How Many Microcovids Would You Spend on a Burrito?

Relentless tabulators often come off as zealous, maybe a little paranoid, and certainly no fun. Luckily, Olsson shares a house with fellow tabulators. She and her five housemates needed to find a way to live safely together. So they decided to adhere to a collective risk model of their own design. Any model is only as good as the data that goes into it, and the virus was too new for anyone, even experts, to have perfect information. Olsson and her housemates knew this, but they weren’t going to make the perfect the enemy of the good. They wanted to protect themselves, and by extension others, by making responsible choices. But they also wanted to be more free to actually live. Maybe math would make that possible.

That day at the taqueria, as the minutes ticked by and her risk tally rose, Olsson abandoned her burritos.

Olsson’s friends call her Catherio, after the email address she was given while studying computational neuroscience at MIT. Two and a half years ago, at 28, she was living with her partner but missing the days when she could step out of her bedroom and instantly encounter a variety
of other minds. It so happened that a friend from college, Stephanie Bachar, was in the process of “forking,” like incompatible software, from a communal living situation that no longer felt homey. So one June day, they and four friends decided to join forces and move into a beige, hacienda-style townhouse in San Francisco’s Mission District. Their new home, they decided, would strike a better balance. It would be like a bash’—a type of chosen family described in Ada Palmer’s science fiction novel Too Like the Lightning as a radical “haven for discourse.” They named it Ibasho, the Japanese word from which bash’ is derived, which means “a place where you can feel like yourself.”

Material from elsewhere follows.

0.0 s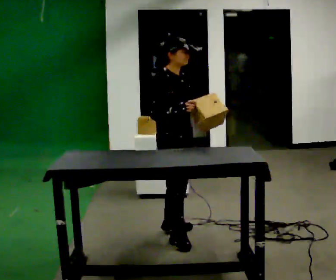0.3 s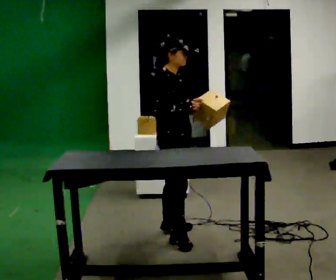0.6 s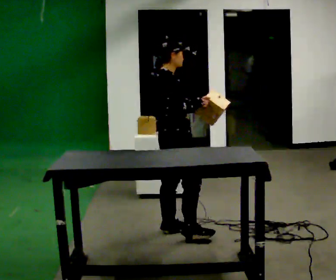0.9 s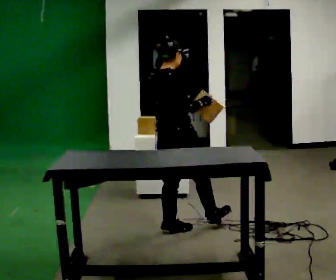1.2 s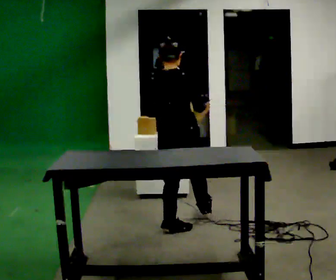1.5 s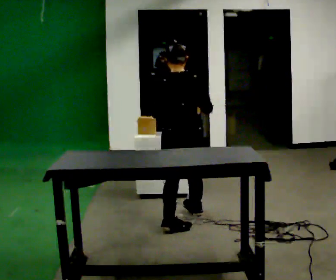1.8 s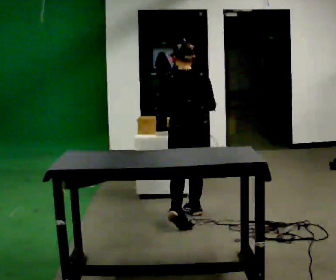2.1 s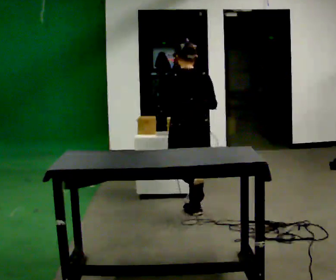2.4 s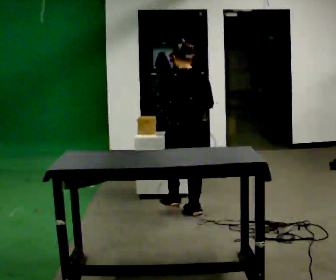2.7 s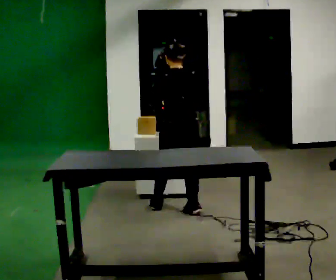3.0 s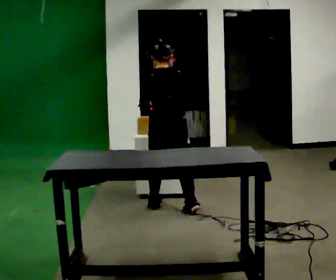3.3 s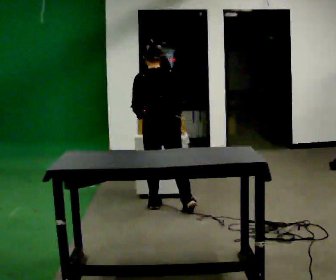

“Being yourself” in Ibasho meant being “slightly alternative, but professional,” says Rhys Lindmark, one of the residents. He had founded an online school for “world-class systems thinkers” after a stint researching blockchain ethics. The household was “high IQ, high EQ,” as Sarah Dobro, a primary care doctor who wears a septum ring and fauxhawk, describes it. Nerds, proudly, but socially aware nerds. They were well networked within a larger community of similar group houses around the Bay Area. It was like belonging to a more grown-up version of MIT dorms. Everyone seemed to know everyone from some salon or startup or quirky coding project. The social graph was dense.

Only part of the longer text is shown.